The nine homeland strikes had been a tiny portion of XX Bomber Command’s total effort. In attacking Omura five times, Yawata twice, and a few miscellaneous targets, the B-29s’ Kyushu missions represented one-sixth of the command’s total sorties and less than one-tenth of the bomb tonnage dropped. Significant damage was limited to the naval aircraft plant. Meanwhile, in all operations XX Bomber Command lost 125 B-29s, but only twenty-nine to enemy action.

In retrospect LeMay remained disgusted at the convoluted scheme for operating B-29s in China. Twenty years later he wrote, “I’ve never been able to shake the idea that General Arnold himself never believed that it would work.”

If the B-29 operation in Asia left a legacy, let it be this: XX Bomber Command operated the world’s most complex but technically immature aircraft at the end of the war’s longest supply line, over the world’s highest terrain in some of the worst weather, with half-trained crews and mechanics living in an oppressive climate on primitive bases.

Nevertheless, the nascent Superfortress grew into a fully fledged weapon in China skies. During his Asian odyssey Curtis LeMay learned what he needed to know about turning the ’29 into a truly strategic weapon, one that would have a greater effect upon the Pacific War than anything in the AAF inventory.

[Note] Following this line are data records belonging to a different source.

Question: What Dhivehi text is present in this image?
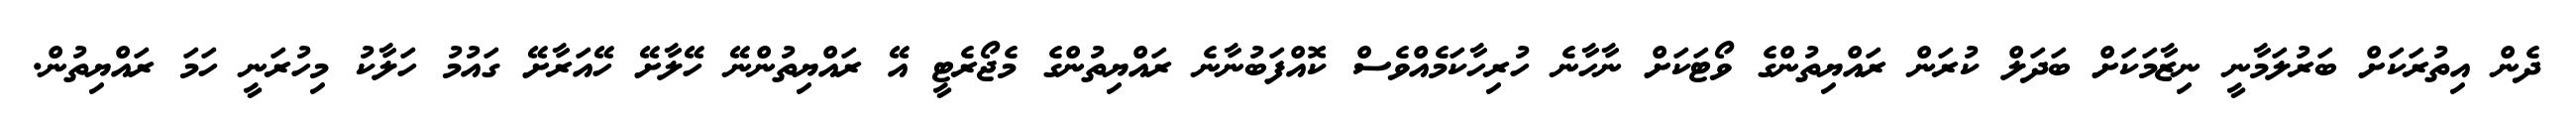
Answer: ދެން އިތުރަކަށް ބަރުލަމާނީ ނިޒާމަކަށް ބަދަލް ކުރަން ރައްޔިތުންގެ ވޯޓަކަށް ނާހާނެ ހުރިހާކަމެއްވެސް ކޮއްފަބުނާނެ ރައްޔިތުންގެ މެޖޯރެޓީ އޭ ރައްޔިތުންނޭ ހޭލާށޭ ހޭއަރާށޭ ގައުމު ހަލާކު މިހުރަނީ ހަމަ ރައްޔިތުން.
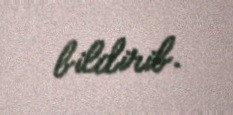
bildirib.
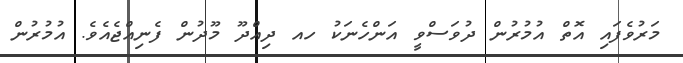
މަރުވެފައި އޮތް އުމުރުން ދުވަސްވީ އަންހެނަކު ހއ ދިއްދޫ މޫދުން ފެނިއްޖެއެވެ. އުމުރުން
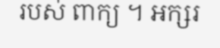
របស់ ពាក្យ ។ អក្សរ
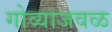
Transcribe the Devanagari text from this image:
गोव्याजवळ
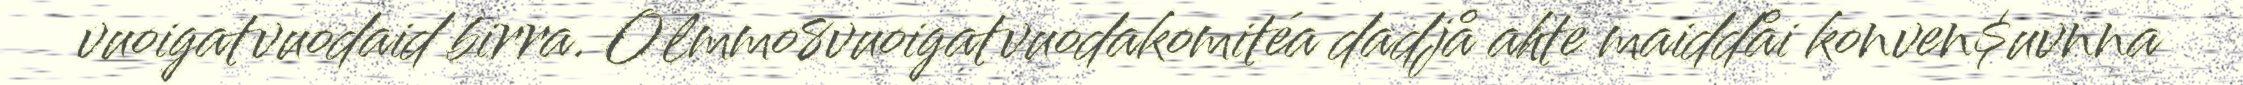
vuoigatvuodaid birra. Olmmo8vuoigatvuodakomitéa dadjå ahte maiddåi konven$uvnna
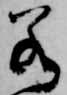
若
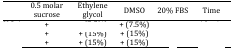
<table><thead><tr><td>[EMPTY_CELL]</td><td><b>0.5 molar sucrose</b></td><td><b>Ethylene glycol</b></td><td><b>DMSO</b></td><td><b>20% FBS</b></td><td><b>Time</b></td></tr></thead><tbody><tr><td>[EMPTY_CELL]</td><td>+</td><td>[EMPTY_CELL]</td><td>+ (7.5%)</td><td>[EMPTY_CELL]</td><td>[EMPTY_CELL]</td></tr><tr><td>[EMPTY_CELL]</td><td>+</td><td>+ (15%)</td><td>+ (15%)</td><td>[EMPTY_CELL]</td><td>[EMPTY_CELL]</td></tr><tr><td>[EMPTY_CELL]</td><td>+</td><td>+ (15%)</td><td>+ (15%)</td><td>[EMPTY_CELL]</td><td>[EMPTY_CELL]</td></tr></tbody></table>
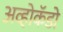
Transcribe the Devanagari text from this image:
अव्होकॅडो
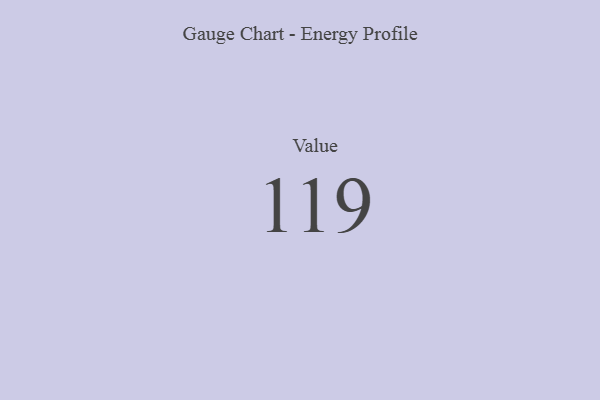
{"axis": {"x": "Metric", "y": "Value"}, "legend": [""], "data": [{"x": "Value", "y": 119, "type": ""}]}
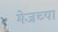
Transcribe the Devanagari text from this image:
मेजच्या
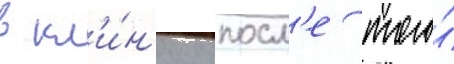
в кл'и́н'ику посл'е того́
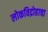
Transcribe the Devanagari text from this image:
लोकविद्रोहाचा
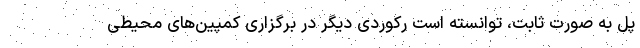
پل به صورت ثابت،‌ توانسته است رکوردی دیگر در برگزاری کمپین‌های محیطی
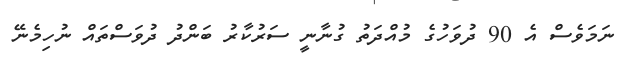
ނަމަވެސް އެ 90 ދުވަހުގެ މުއްދަތު ގުނާނީ ސަރުކާރު ބަންދު ދުވަސްތައް ނުހިމެނޭ
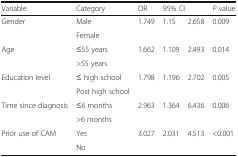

The wind that began flowing out of China would grow to cyclonic force in the Pacific.

CHAPTER THREE

From the South


THE STRATEGY WAS known as island hopping, and it worked. But it required what Winston Churchill called “triphibious operations”—the melding of sea, land, and air forces into a nearly seamless entity focused on seizing islands from the enemy, each one representing another step on the long road to victory.

The process had begun eight months after Pearl Harbor when U.S. Marines landed at Guadalcanal in the Solomon Islands. Nearly two years later their seven-league boots splashed ashore in the Marianas, 2,000 miles northwest and more than half the distance from “Guadal” to Japan.

However, each leap of the triphibious frog was limited by the range of available airpower. Because air superiority ensured that no amphibious operation failed in the Pacific War, the success rate among all major landings in World War II ran over 99 percent.